## [MATERIAL FOR THIS TASK]
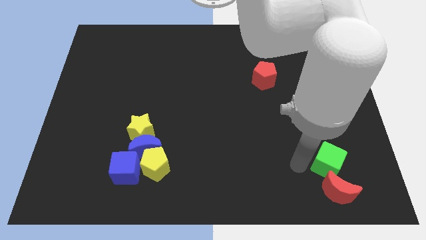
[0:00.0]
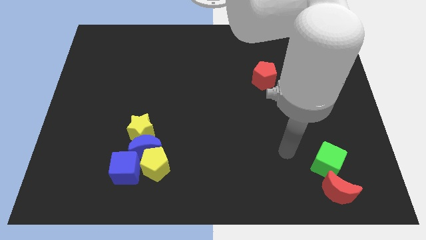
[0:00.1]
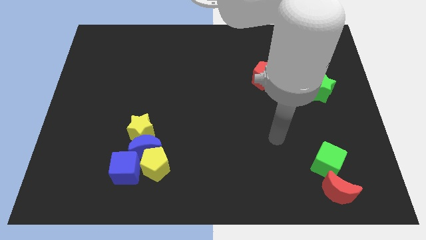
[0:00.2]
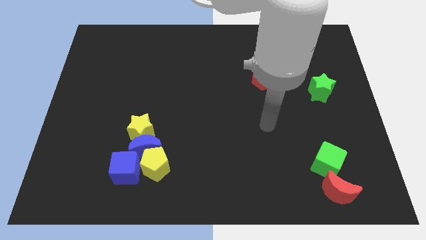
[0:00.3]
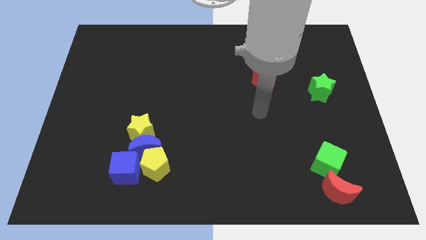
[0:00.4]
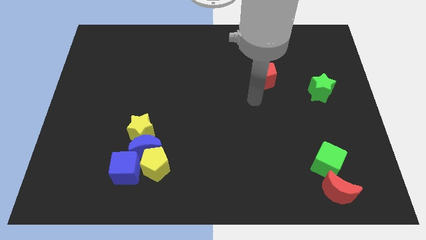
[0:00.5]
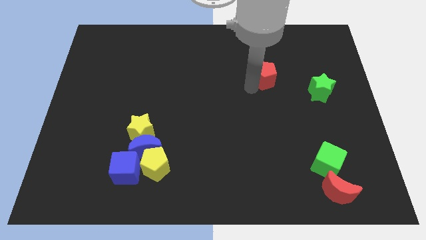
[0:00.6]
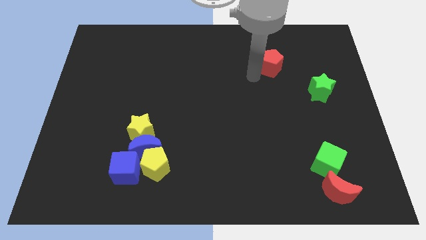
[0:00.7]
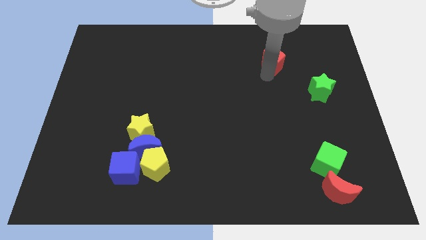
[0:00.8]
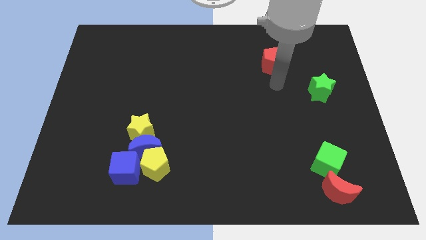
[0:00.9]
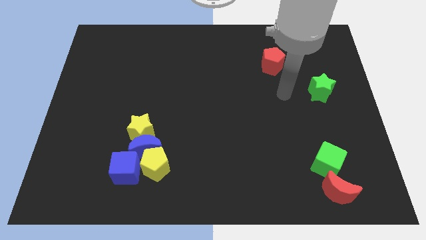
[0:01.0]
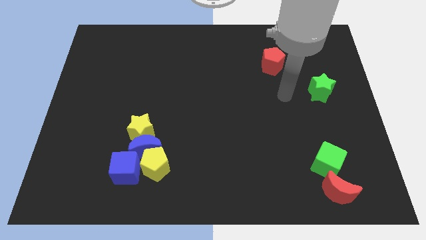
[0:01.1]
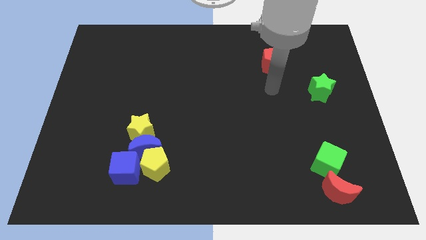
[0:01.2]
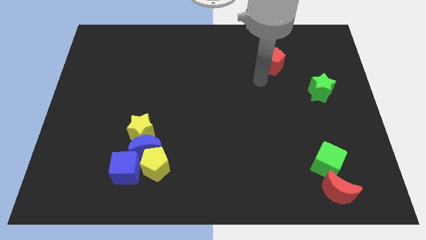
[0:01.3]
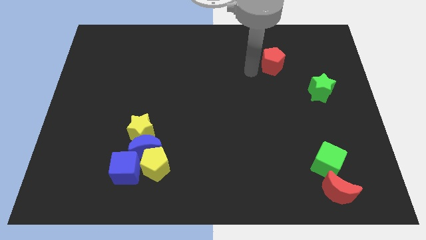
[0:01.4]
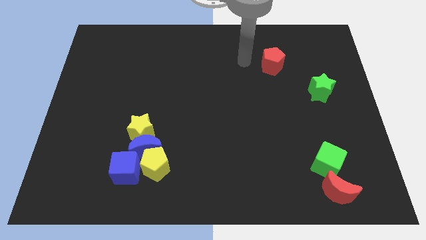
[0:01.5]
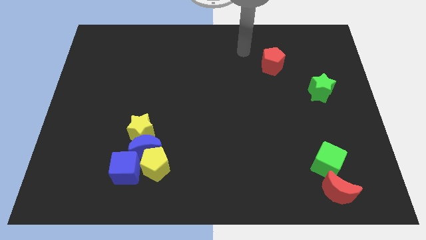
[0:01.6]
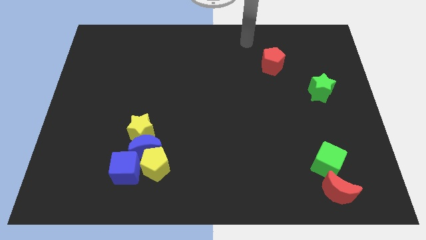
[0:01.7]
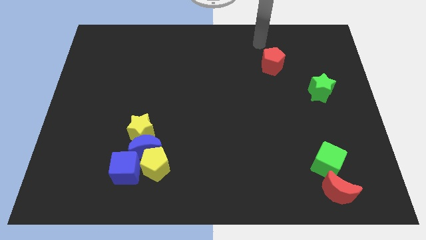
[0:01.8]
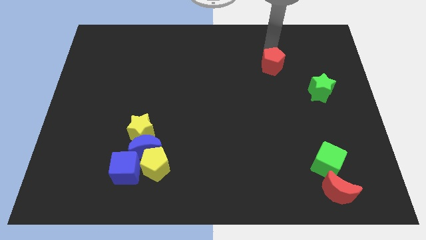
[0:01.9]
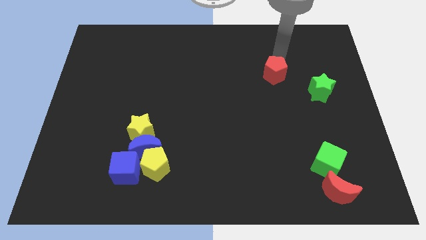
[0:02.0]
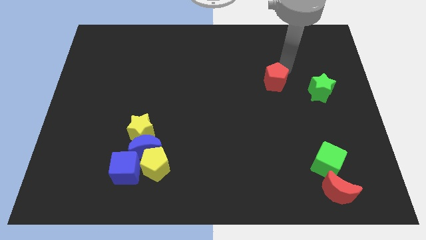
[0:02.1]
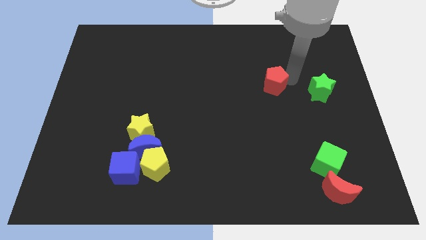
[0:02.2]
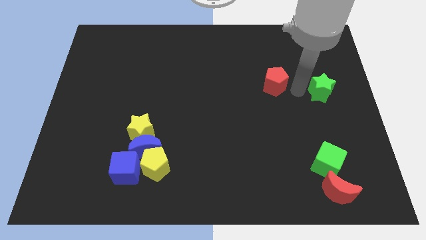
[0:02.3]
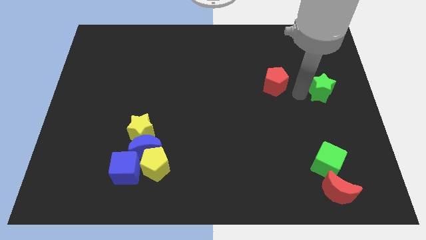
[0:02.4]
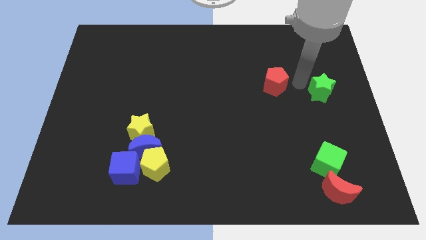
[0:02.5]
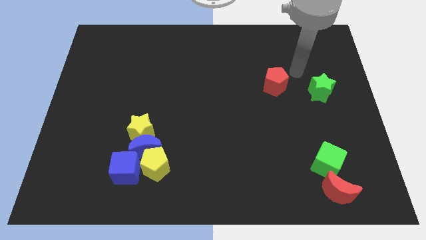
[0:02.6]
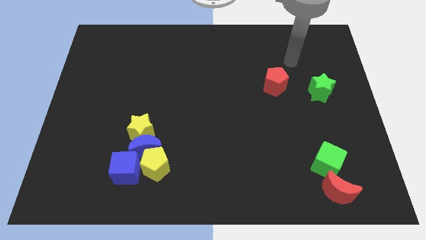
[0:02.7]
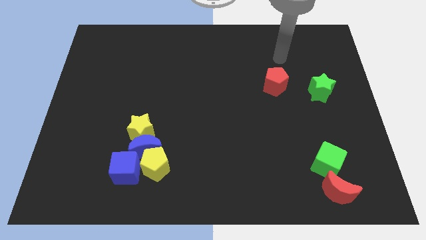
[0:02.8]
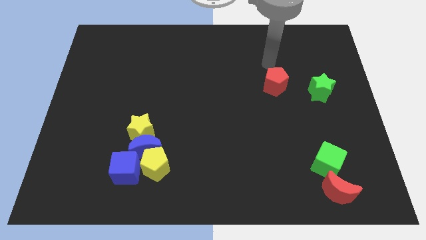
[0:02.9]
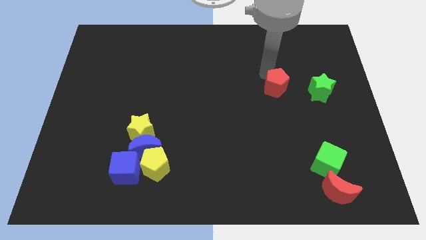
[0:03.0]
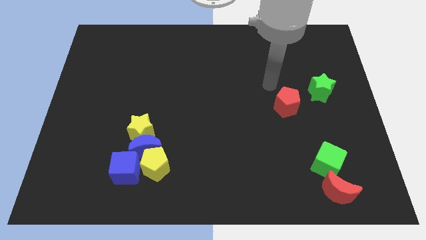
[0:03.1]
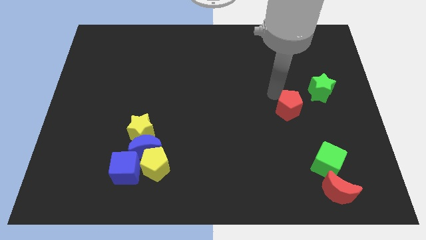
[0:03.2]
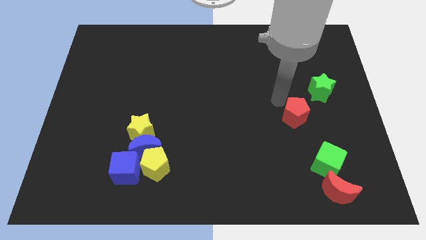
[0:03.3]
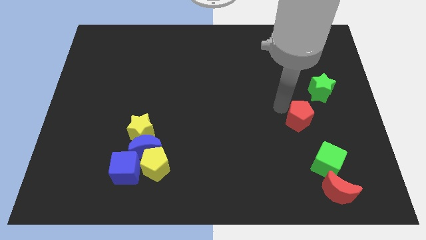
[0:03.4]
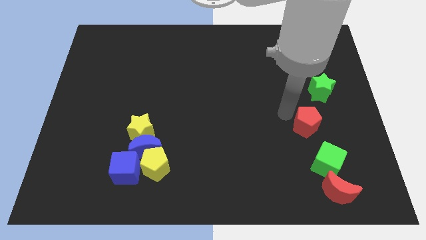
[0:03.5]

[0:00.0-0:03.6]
push the red pentagon towards the top side of the green cube

## [EXERCISE]
If any image appears in the entries, omit it and return the rest verbatim.

## [ANSWER FOR THIS EXERCISE]
[0:00.0]
[0:00.1]
[0:00.2]
[0:00.3]
[0:00.4]
[0:00.5]
[0:00.6]
[0:00.7]
[0:00.8]
[0:00.9]
[0:01.0]
[0:01.1]
[0:01.2]
[0:01.3]
[0:01.4]
[0:01.5]
[0:01.6]
[0:01.7]
[0:01.8]
[0:01.9]
[0:02.0]
[0:02.1]
[0:02.2]
[0:02.3]
[0:02.4]
[0:02.5]
[0:02.6]
[0:02.7]
[0:02.8]
[0:02.9]
[0:03.0]
[0:03.1]
[0:03.2]
[0:03.3]
[0:03.4]
[0:03.5]

[0:00.0-0:03.6]
push the red pentagon towards the top side of the green cube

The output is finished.